Radboud University Nijmegen, Comeniuslaan 4, 6525 HP, Nijmegen, The Netherlands.
Donders Centre for Cognition, Montessorilaan 3, 6525 HR, Nijmegen, The Netherlands.
Sci Rep. 2019 Dec 27;9(1):19873. doi: 10.1038/s41598-019-56482-z.
Quantification and parametrisation of movement are widely used in animal behavioural paradigms. In particular, free movement in controlled conditions (e.g., open field paradigm) is used as a "proxy for indices of baseline and drug-induced behavioural changes. However, the analysis of this is often time- and labour-intensive and existing algorithms do not always classify the behaviour correctly. Here, we propose a new approach to quantify behaviour in an unconstrained environment: searching for frequent patterns (k-motifs) in the time series representing the position of the subject over time. Validation of this method was performed using subchronic quinpirole-induced changes in open field experiment behaviours in rodents. Analysis of this data was performed using k-motifs as features to better classify subjects into experimental groups on the basis of behaviour in the open field. Our classifier using k-motifs gives as high as 94% accuracy in classifying repetitive behaviour versus controls which is a substantial improvement compared to currently available methods including using standard feature definitions (depending on the choice of feature set and classification strategy, accuracy up to 88%). Furthermore, visualisation of the movement/time patterns is highly predictive of these behaviours. By using machine learning, this can be applied to behavioural analysis across experimental paradigms.

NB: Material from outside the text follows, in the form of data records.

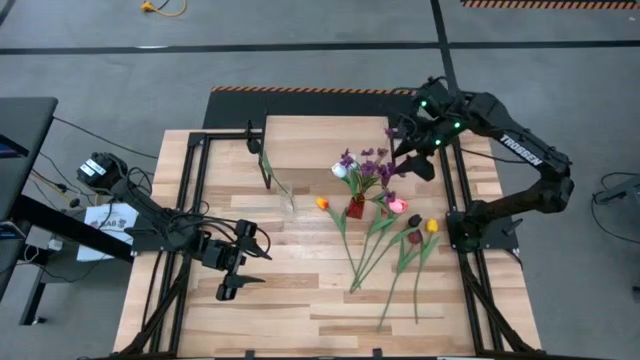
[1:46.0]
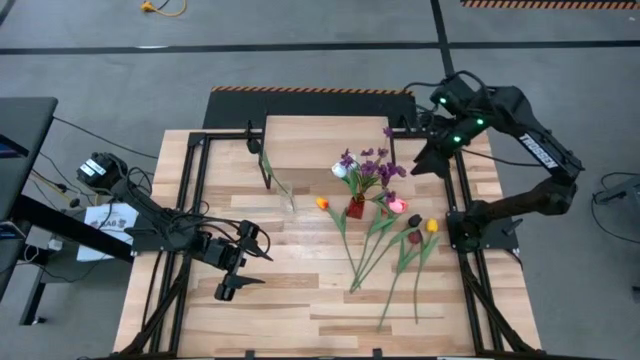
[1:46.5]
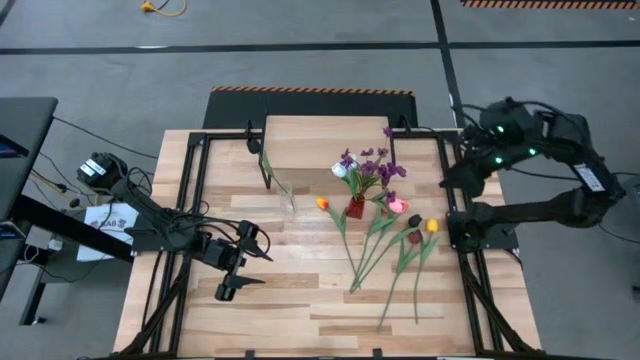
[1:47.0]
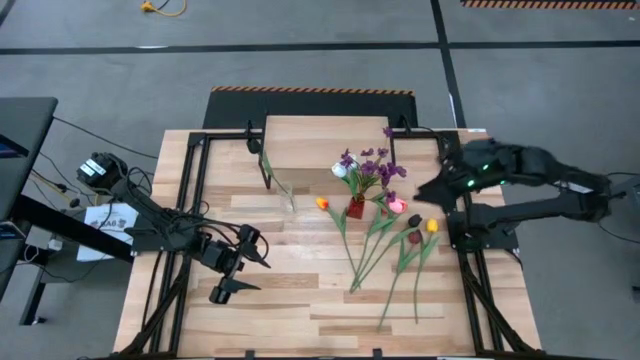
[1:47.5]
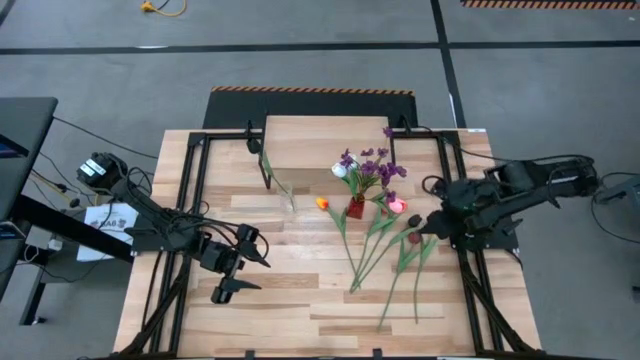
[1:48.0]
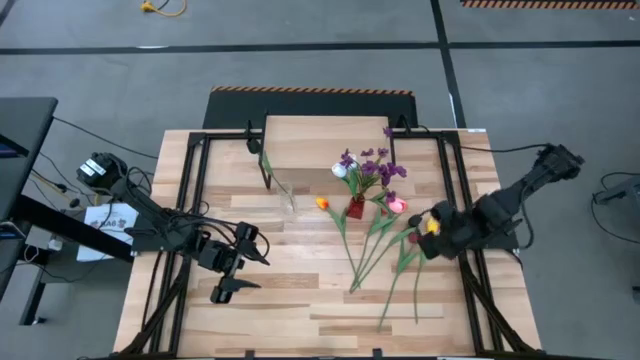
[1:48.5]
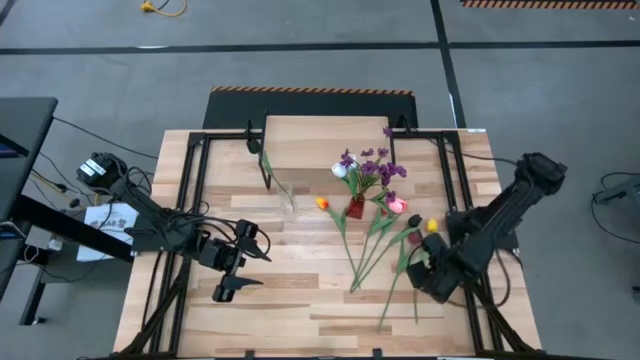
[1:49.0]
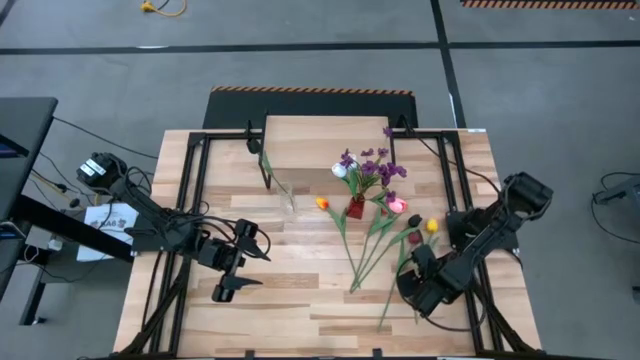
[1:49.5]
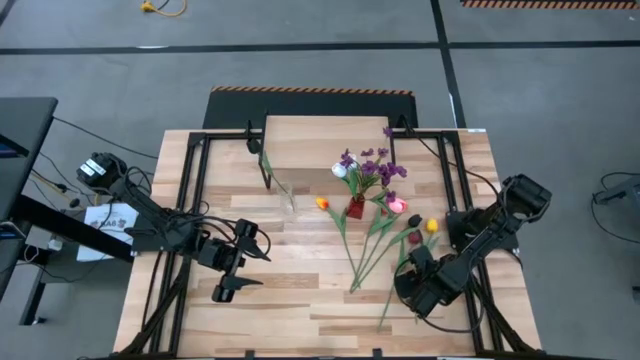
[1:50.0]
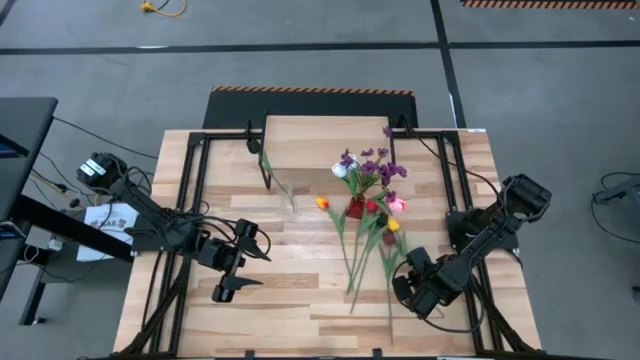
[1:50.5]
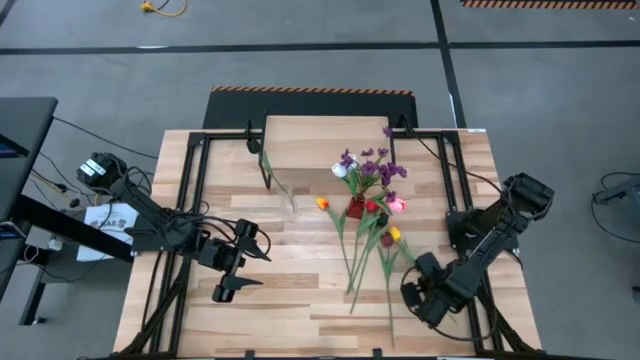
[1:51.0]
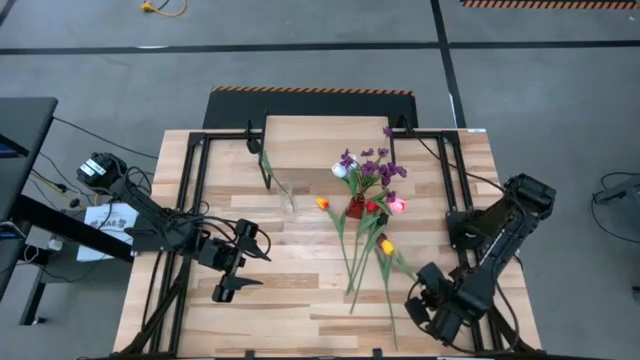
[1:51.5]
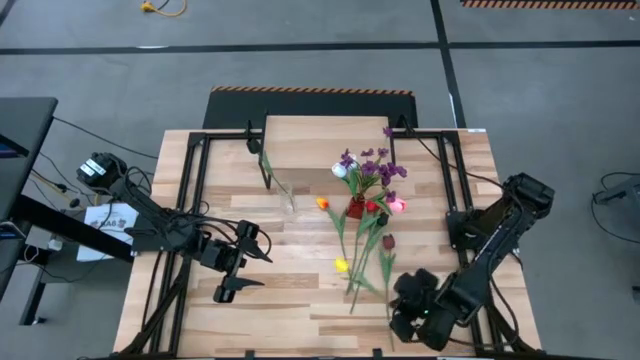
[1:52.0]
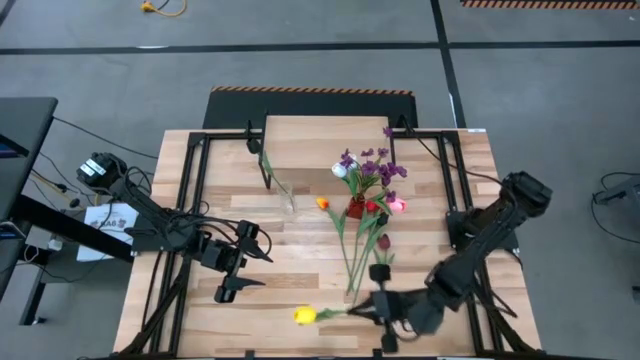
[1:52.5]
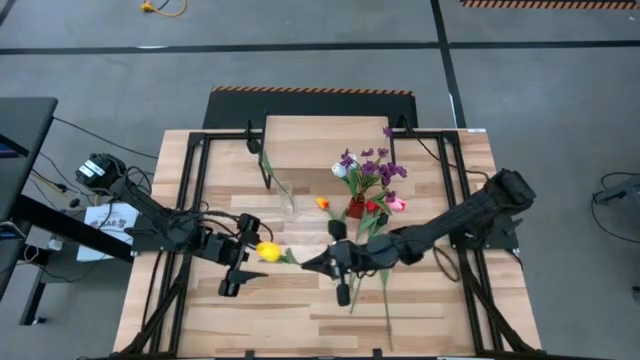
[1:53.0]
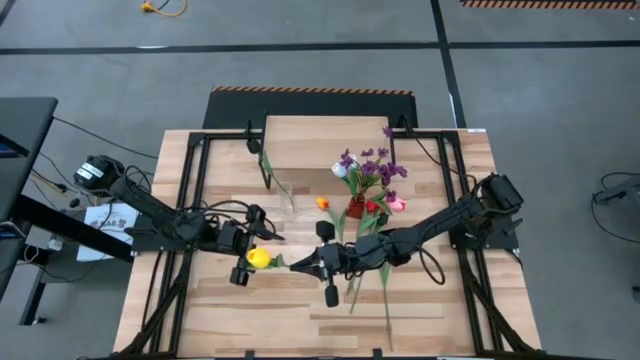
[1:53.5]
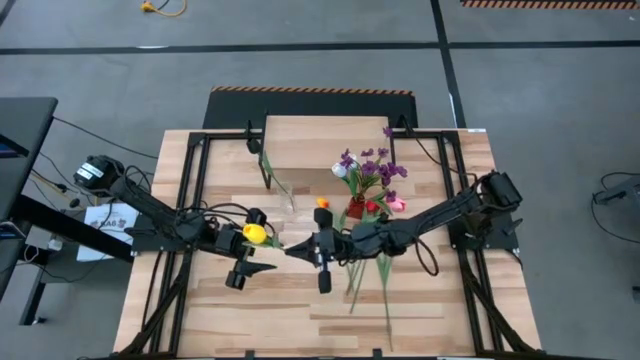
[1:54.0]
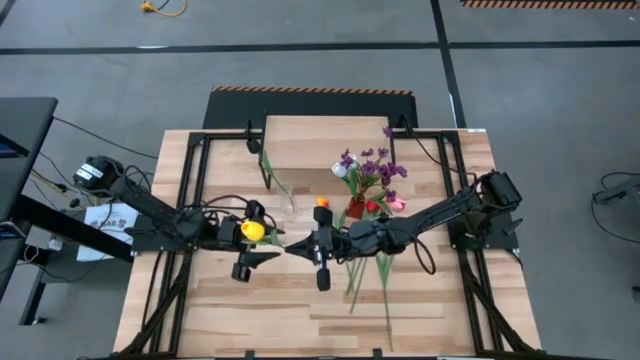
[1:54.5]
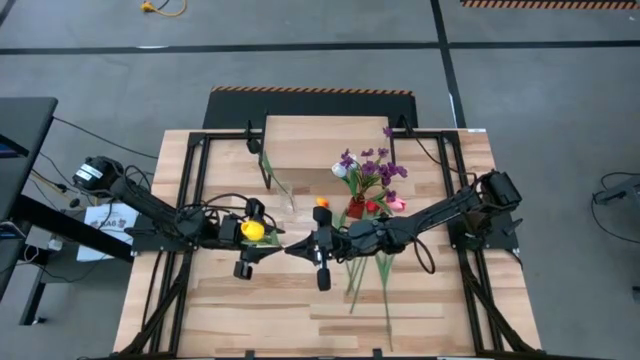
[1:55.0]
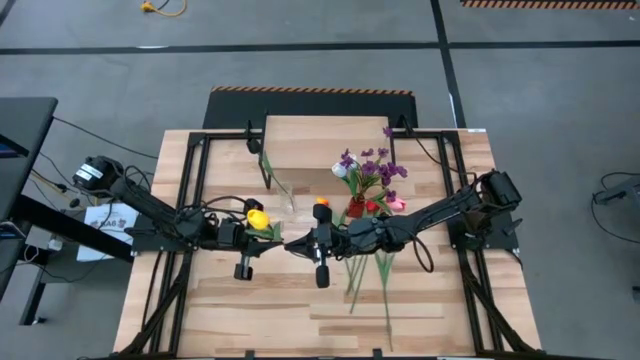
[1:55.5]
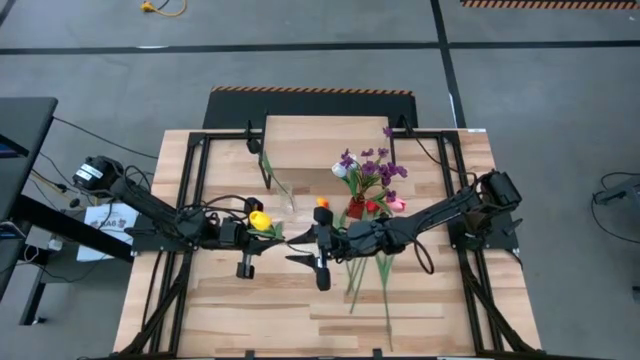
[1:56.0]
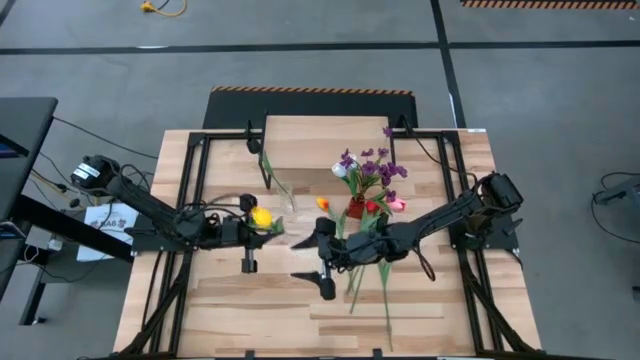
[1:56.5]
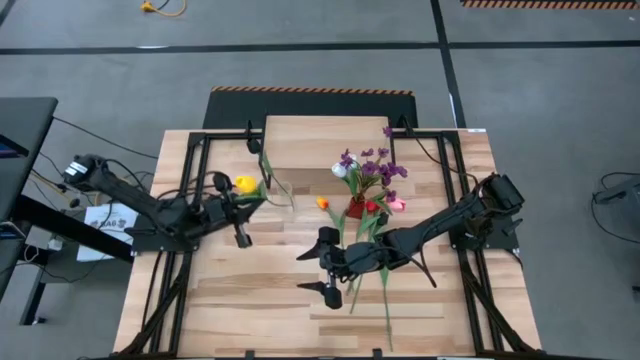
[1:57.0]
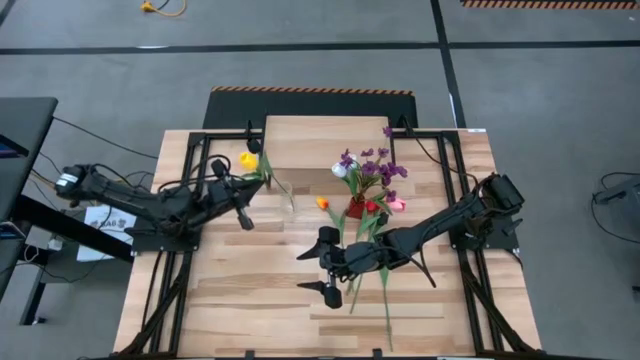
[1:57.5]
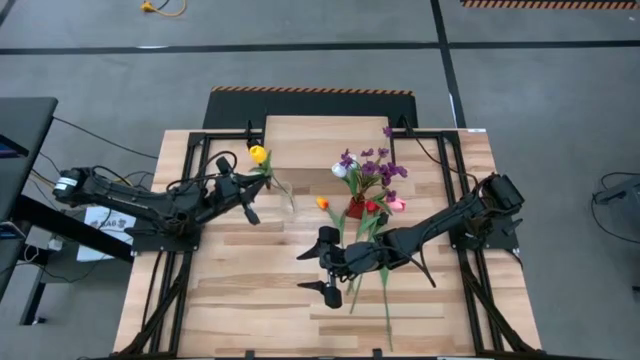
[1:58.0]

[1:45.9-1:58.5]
Task: Pick and place flowers into a vace then onto a shelf
Put the left yellow flower into the transparent vase

运动的量化和参数化在动物行为范式中被广泛应用。特别是在受控条件下的自由运动(例如,旷场实验范式)被用作“替代基线和药物诱导行为变化的指标。然而,这种分析通常既耗时又费力,而且现有的算法并不总是能正确分类行为。在这里,我们提出了一种在非约束环境下量化行为的新方法:在随时间变化的主体位置的时间序列中搜索频繁模式(k-基序)。该方法的验证是使用慢性喹吡罗诱导的啮齿动物旷场实验行为的变化来进行的。使用 k-基序作为特征来分析这些数据,以便更好地根据旷场中的行为将实验动物分为不同的实验组。我们的 k-基序分类器在将重复行为与对照组进行分类方面的准确率高达 94%,这与目前可用的方法(包括使用标准特征定义)相比有了实质性的提高(具体取决于特征集的选择和分类策略,准确率高达 88%)。此外,运动/时间模式的可视化对这些行为具有高度的预测性。通过使用机器学习,可以将其应用于跨实验范式的行为分析。